I have read the article, and most of the back and forth.  Couple of
observations.

I will assume the "bite" that has been described occurs, and, that
like Scott and Jeffrey have stated, it is repeatable.  

First, if all the posts were written to point out a potential "thing",
that thing has been made well known by this point x 20.

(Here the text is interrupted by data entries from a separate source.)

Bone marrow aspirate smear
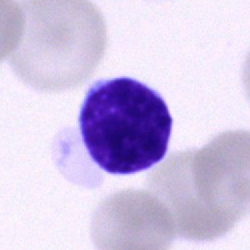

Showing a typical lymphocyte.
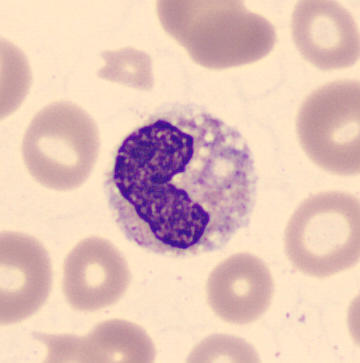

Cell: band-form neutrophil.
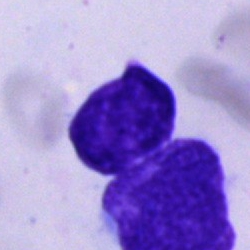 An artefact on a bone marrow smear.
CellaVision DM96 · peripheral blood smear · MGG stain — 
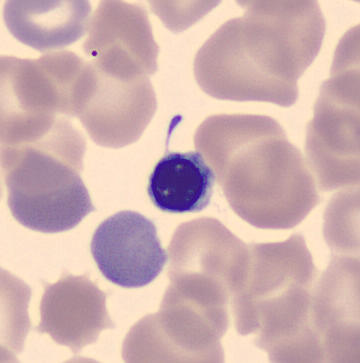

Impression → erythroblast.
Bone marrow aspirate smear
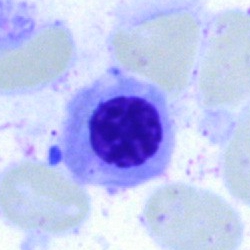

Specimen: bone marrow aspirate smear.
Cell type: nucleated red cell.
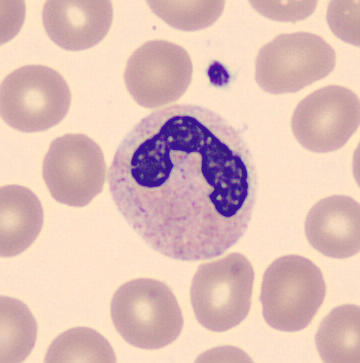 Cell = band neutrophil. May-Grünwald-Giemsa-stained · peripheral blood smear.
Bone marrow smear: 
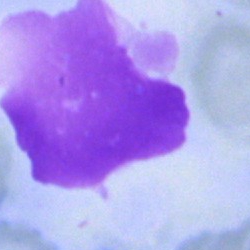

Artifact.
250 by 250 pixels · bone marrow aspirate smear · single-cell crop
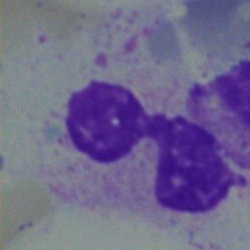 Showing a neutrophil (segmented).
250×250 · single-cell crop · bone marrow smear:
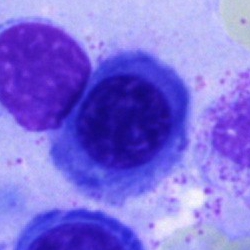Impression → erythroblast.
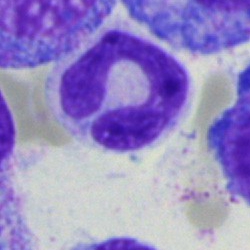

Classification = band neutrophil.
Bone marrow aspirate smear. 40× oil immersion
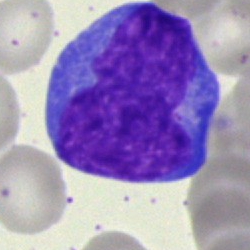 Blast.
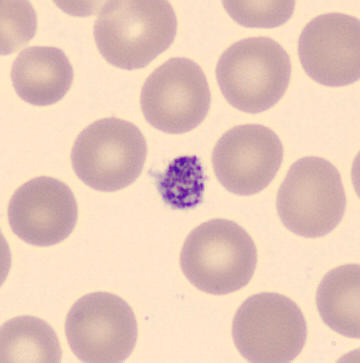

Morphology consistent with a platelet (thrombocyte).
Acquisition: Peripheral blood film; imaged on a CellaVision DM96 analyser.
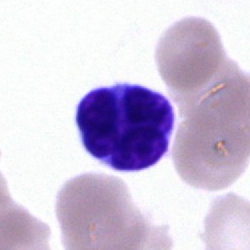

Specimen: bone marrow smear.
Cell: typical lymphocyte.
Lineage: lymphoid.
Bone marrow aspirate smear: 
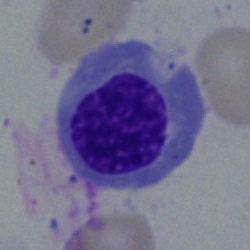 Nucleated red blood cell.
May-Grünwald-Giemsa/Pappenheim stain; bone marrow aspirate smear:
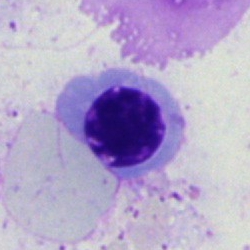
Impression → normoblast.
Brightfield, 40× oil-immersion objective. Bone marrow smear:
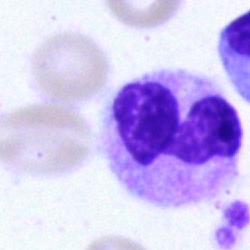Specimen: bone marrow aspirate smear.
Cell: segmented neutrophil.
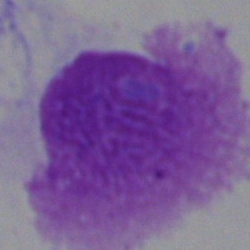

Classification: artefact.
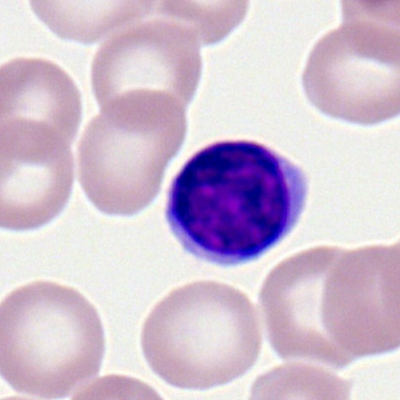 Impression → lymphocyte.
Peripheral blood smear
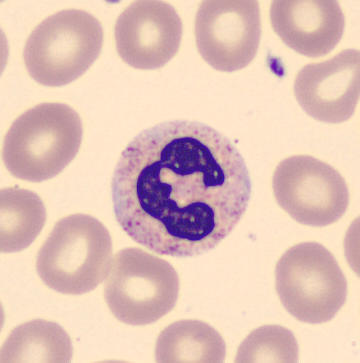
Segmented neutrophil.
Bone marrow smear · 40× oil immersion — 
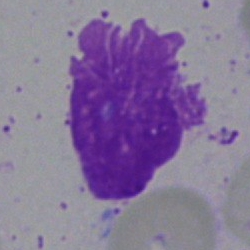

Specimen: bone marrow aspirate smear.
Classification: artefact.
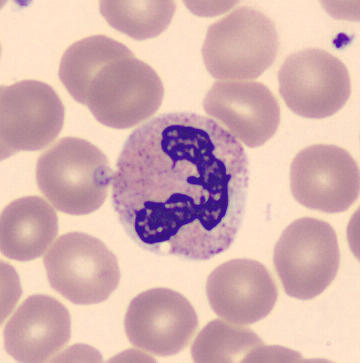
The cell shown is a neutrophil (segmented).
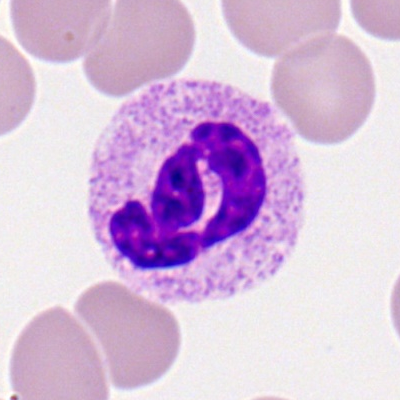

Q: What is shown here?
A: This is a neutrophil (segmented).
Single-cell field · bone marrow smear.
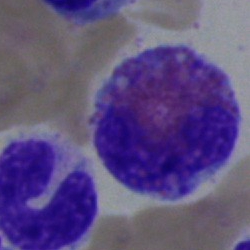

Specimen: bone marrow aspirate smear.
Classification: eosinophil.
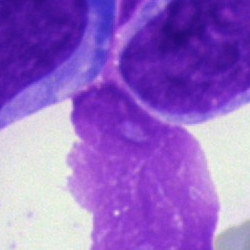
Morphology — artifact.
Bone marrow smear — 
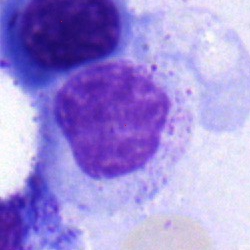Morphology — myelocyte.
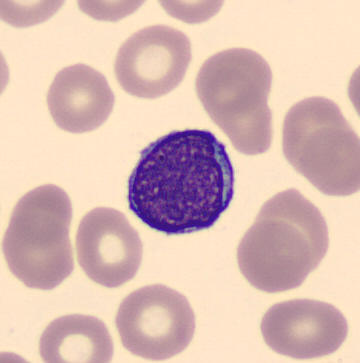

Preparation: MGG stain. Single-cell field. Peripheral blood smear.
Impression — typical lymphocyte.
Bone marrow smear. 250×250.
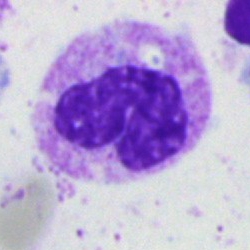A polymorphonuclear neutrophil.
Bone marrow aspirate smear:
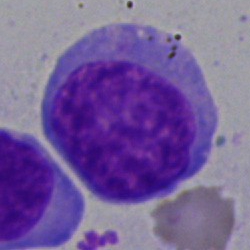
Specimen: bone marrow aspirate smear.
Cell: blast.
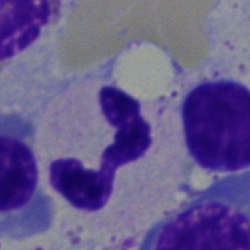 Bone marrow aspirate smear, single cell — neutrophil (segmented).
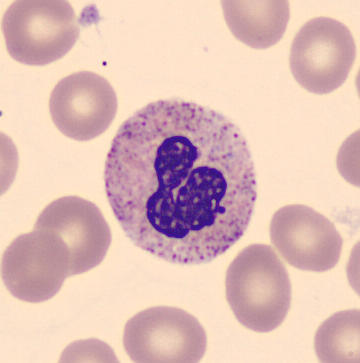
Image: Peripheral blood film.

Impression — segmented neutrophil.
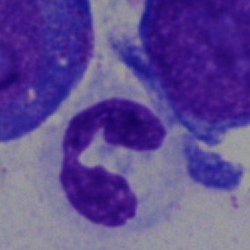

Impression → segmented neutrophil.
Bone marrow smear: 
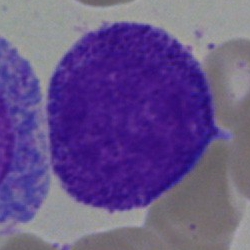 Showing a promyelocyte.
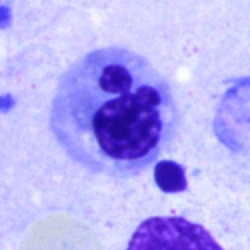
Q: What cell is this?
A: This is a nucleated red blood cell.
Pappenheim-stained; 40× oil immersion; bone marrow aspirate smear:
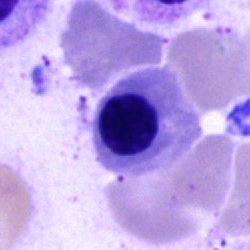Q: What type of cell is this?
A: Nucleated red cell.
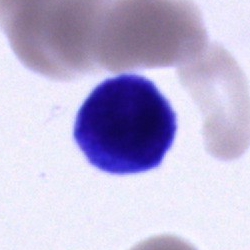 Bone marrow smear showing an unidentifiable cell.
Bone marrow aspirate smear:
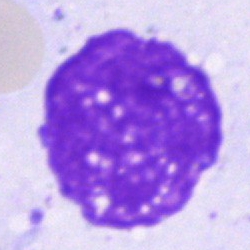 Artifact.
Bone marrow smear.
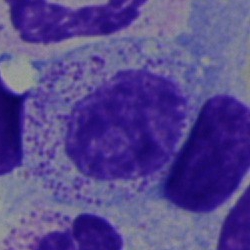Myelocyte.
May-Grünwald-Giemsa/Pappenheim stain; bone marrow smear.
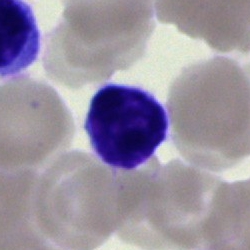
Q: Identify the cell.
A: This is a typical lymphocyte.
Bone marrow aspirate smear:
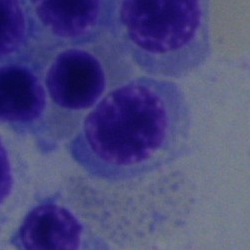
Cell type: nucleated red blood cell.
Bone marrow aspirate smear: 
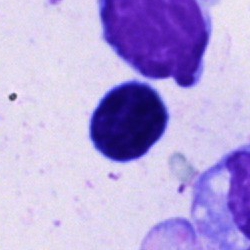

Specimen: bone marrow smear.
Cell: unidentifiable cell.
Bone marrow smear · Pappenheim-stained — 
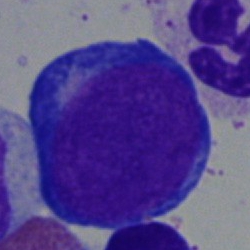

The cell shown is a pronormoblast.
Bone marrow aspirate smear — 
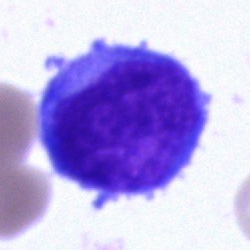{"cell_type": "blast"}
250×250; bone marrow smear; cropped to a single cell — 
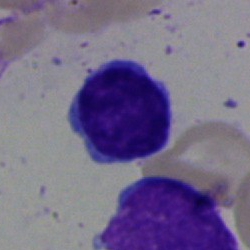Typical lymphocyte.
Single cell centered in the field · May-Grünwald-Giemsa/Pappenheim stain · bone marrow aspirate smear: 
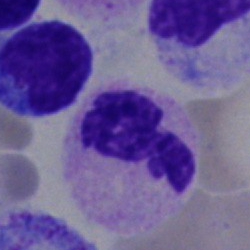
The morphological class is segmented neutrophil.
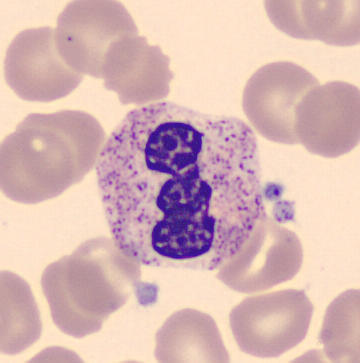

Morphology consistent with a neutrophil (band).

Acquisition: 360×363 px. May-Grünwald-Giemsa-stained. Peripheral blood smear.
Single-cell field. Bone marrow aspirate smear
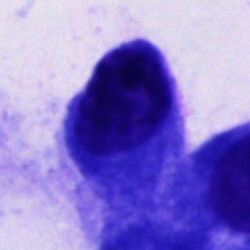
Specimen: bone marrow aspirate smear.
Morphological class: cell not matching the other categories.
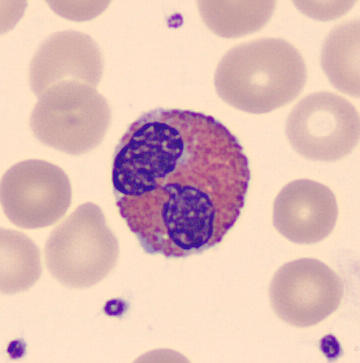Peripheral blood film, single cell — eosinophil.
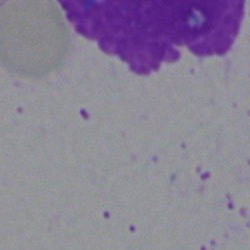

{"cell_type": "artifact"}
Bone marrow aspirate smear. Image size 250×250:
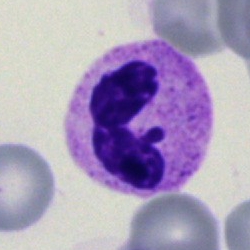Q: What is shown here?
A: This is a neutrophil (segmented).
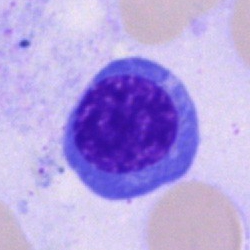 Cell type — nucleated red cell.
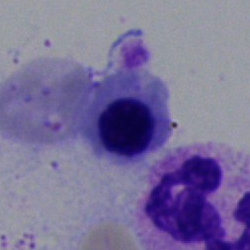
The cell shown is an erythroblast.
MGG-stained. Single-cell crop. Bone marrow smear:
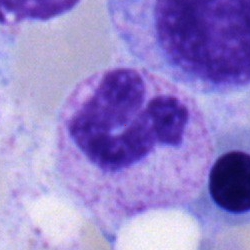 Single cell identified as a polymorphonuclear neutrophil.
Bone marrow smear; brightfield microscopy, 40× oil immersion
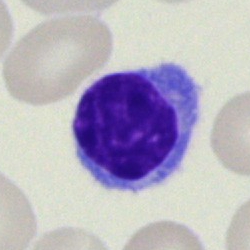
Morphological class: typical lymphocyte.
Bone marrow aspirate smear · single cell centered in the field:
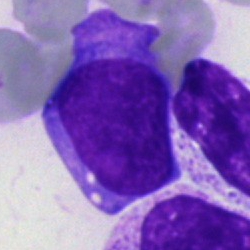Q: What cell is this?
A: It is a blast.
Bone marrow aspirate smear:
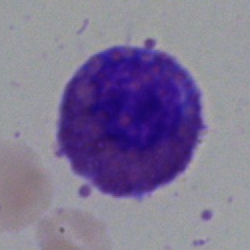An eosinophilic granulocyte.
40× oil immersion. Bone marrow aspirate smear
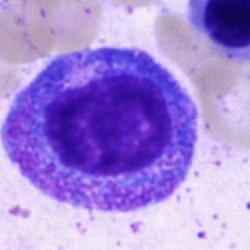

The cell shown is a promyelocyte.
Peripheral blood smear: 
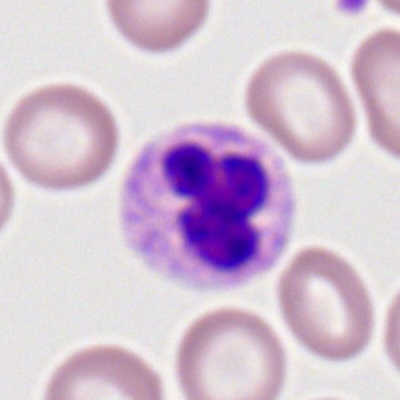 The cell type is polymorphonuclear neutrophil.
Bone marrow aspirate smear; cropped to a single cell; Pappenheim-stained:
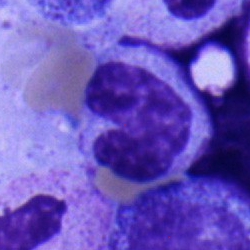 Neutrophil (band).
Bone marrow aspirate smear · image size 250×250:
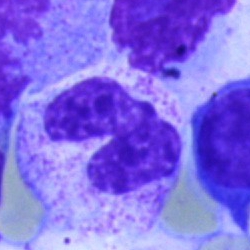 Q: What cell is this?
A: It is a stab cell.
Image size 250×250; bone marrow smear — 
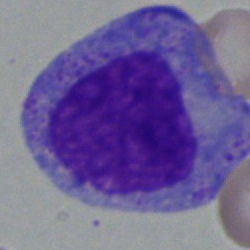Impression → progranulocyte.
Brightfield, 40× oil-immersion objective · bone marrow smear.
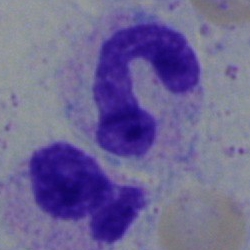

Cell: neutrophil (band).
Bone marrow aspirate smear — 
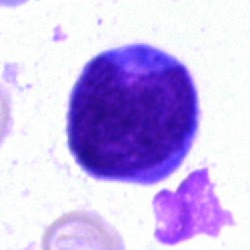

The cell type is blast.
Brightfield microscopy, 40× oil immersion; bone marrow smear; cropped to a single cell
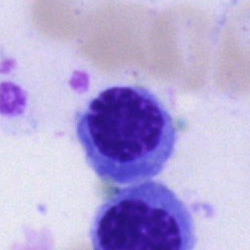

Second, to what Jeffrey has said.  Most everyone that has a car and a
helmet believe they are "pretty damned good drivers".  If in fact you
are a good driver, you know what I am saying is true.  Fact is,
though, IF this bite is something that can be induced in a torsen car,
above a given ___/10ths driving method, and under repeatable
conditions [ie., everytime on that 3rd curve using the high line at
70] and you continually induce it, and, as several write--it is a
dangerous loss of control "thing", then that is driver error by
definition, unless you are some kinda test pilot.  Like saying "it
hurts when I poke my finger in my eye".  Ah, don't poke your finger in
your eye?
If the design has "bit" you, and you know when and how, stop doing
whatever it is you are doing.

 
Most of the cars I have read about on this list are not race cars. 
The very few exceptions don't appear to be road driven.  Instead, most
are big-assed family sedans.  Now, I don't know where this "bite"
occurs, but I have taken the off ramps at 80+, have driven more in
gravel [fast] than anyone on the list short of a professional
rally-man / woman, in the wet, etc.,at speeds which most [present
company included] would judge to be purely insane, dangerous,
negligent, etc., and it either has not happened, or I am too dumb to
feel it.  

So, this is my final thought.  Some say it happens.  Fine.  I will
agree because those saying it happens are "pretty damned good drivers"
and have no reason to lie about this.  But, so what?  If it is
inherent in the design, either stay away from the design or keep the
design away from the places where you have induced the behavior. 
Finding a car's [or driver's] limits is one thing, and probably a good
thing.  But to continually operate a machine beyond the safe limits of
the design...why?  

Better still, make this topic a positive learning experience.  Tell
people exactly where it is induced [speed, degree of turn, banking,
pavement characteristics, what you were doing with left foot at the
time, etc.,] and, maybe people can prevent it from happening to them,
ie., not induce the behavior that is dangerous.